A ação indagava  presença de Daniella na chapa por ela ser a mãe do governador Lucas Ribeiro (PP), que é candidato à reeleição do governo do estado. O MPE (Ministério Público Eleitoral) que apresentou o pedido de impugnação, afirmava que a regra de inelegibilidade prevista no artigo 14, parágrafo 7º, da Constituição Federal atingia a senadora, que deixou de concorrer à renovação do seu mandato para disputar uma vaga de suplência.
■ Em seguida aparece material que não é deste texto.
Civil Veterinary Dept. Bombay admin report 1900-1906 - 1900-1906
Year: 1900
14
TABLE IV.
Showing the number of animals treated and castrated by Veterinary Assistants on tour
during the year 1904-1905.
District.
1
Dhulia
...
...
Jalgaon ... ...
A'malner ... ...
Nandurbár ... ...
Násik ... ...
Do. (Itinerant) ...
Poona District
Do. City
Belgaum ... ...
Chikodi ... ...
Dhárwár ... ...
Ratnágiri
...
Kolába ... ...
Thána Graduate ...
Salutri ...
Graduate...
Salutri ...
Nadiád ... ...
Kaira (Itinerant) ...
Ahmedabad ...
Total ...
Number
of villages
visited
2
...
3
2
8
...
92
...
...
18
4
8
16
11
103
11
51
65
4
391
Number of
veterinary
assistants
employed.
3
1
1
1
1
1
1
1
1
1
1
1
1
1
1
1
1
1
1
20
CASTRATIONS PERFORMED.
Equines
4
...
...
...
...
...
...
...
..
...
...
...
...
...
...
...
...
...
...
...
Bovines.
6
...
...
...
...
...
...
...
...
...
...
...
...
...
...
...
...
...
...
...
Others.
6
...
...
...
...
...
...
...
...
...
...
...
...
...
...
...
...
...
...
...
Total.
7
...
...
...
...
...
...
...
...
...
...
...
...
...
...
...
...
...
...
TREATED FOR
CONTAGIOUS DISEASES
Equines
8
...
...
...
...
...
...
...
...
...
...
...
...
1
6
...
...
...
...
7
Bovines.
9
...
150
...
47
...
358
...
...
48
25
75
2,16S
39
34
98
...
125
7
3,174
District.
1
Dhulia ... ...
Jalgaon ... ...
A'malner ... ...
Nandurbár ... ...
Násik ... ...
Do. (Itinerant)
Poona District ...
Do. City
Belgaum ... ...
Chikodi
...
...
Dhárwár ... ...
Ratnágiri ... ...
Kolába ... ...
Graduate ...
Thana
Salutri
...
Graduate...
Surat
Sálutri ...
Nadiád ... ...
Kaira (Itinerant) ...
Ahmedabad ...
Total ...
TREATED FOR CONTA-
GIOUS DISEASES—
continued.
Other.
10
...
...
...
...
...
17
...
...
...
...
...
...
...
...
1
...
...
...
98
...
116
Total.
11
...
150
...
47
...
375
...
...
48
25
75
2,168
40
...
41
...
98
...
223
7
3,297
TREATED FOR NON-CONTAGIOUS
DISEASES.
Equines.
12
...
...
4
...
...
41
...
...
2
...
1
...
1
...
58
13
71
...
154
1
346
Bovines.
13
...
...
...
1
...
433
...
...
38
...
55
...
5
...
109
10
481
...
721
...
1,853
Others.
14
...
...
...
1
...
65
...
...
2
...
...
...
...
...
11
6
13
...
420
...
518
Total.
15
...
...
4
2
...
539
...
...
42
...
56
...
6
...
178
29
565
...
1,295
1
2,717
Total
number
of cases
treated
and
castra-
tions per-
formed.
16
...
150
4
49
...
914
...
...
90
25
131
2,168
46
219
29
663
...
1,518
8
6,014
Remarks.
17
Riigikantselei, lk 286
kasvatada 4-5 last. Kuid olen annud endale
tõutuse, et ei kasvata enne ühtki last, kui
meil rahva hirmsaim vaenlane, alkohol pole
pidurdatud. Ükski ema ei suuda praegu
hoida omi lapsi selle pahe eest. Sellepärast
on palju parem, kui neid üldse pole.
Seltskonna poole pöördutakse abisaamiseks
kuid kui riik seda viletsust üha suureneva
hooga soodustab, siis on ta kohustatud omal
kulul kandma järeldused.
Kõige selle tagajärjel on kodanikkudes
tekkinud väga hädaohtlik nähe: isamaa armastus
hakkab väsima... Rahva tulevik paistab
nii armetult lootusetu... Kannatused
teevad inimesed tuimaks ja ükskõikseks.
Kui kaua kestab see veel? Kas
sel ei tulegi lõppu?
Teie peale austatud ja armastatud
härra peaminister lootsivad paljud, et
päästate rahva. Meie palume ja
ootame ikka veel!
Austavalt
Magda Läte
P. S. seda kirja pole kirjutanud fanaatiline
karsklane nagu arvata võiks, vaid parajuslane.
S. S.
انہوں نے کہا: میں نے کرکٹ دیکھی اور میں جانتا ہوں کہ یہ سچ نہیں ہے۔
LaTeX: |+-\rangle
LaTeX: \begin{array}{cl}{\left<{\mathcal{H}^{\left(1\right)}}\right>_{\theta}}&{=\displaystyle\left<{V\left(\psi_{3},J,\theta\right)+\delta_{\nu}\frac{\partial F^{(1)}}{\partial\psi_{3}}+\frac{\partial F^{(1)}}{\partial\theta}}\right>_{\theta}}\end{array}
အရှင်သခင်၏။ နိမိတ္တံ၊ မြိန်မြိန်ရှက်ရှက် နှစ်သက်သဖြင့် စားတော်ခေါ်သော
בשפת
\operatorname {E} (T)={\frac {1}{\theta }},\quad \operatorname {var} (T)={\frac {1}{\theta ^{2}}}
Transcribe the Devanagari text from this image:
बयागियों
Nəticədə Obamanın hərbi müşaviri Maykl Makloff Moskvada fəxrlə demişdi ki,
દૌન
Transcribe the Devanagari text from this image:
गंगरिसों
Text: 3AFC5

Desde o ano passado que Daniella declarava abrir mão da disputa pela reeleição após a confirmação da candidatura do filho ao Governo do Estado, no entanto, afirmou ter repensado diante o convite e que a decisão tem haver com o projeto político para a Paraíba.

“Eu abri mão da possibilidade de um mandato de reeleição. Todo mundo sabe disso. Mas se fosse apenas por ser meu filho e não tivesse história, e se não fosse um governo e um grupo que vêm fazendo a diferença na Paraíba, certamente eu não teria aberto mão”, disse.

A parlamentar rebateu subjeções acerca de a suplência ser rebaixamento político ao lembrar que a decisão de grupo prevalece e de que suas bandeiras voltadas à defesa da mulher serão mantidas, bem como de sua trajetória como a primeira mulher eleita senadora pela Paraíba e a primeira mulher a ocupar a Primeira-Secretaria do Senado Federal.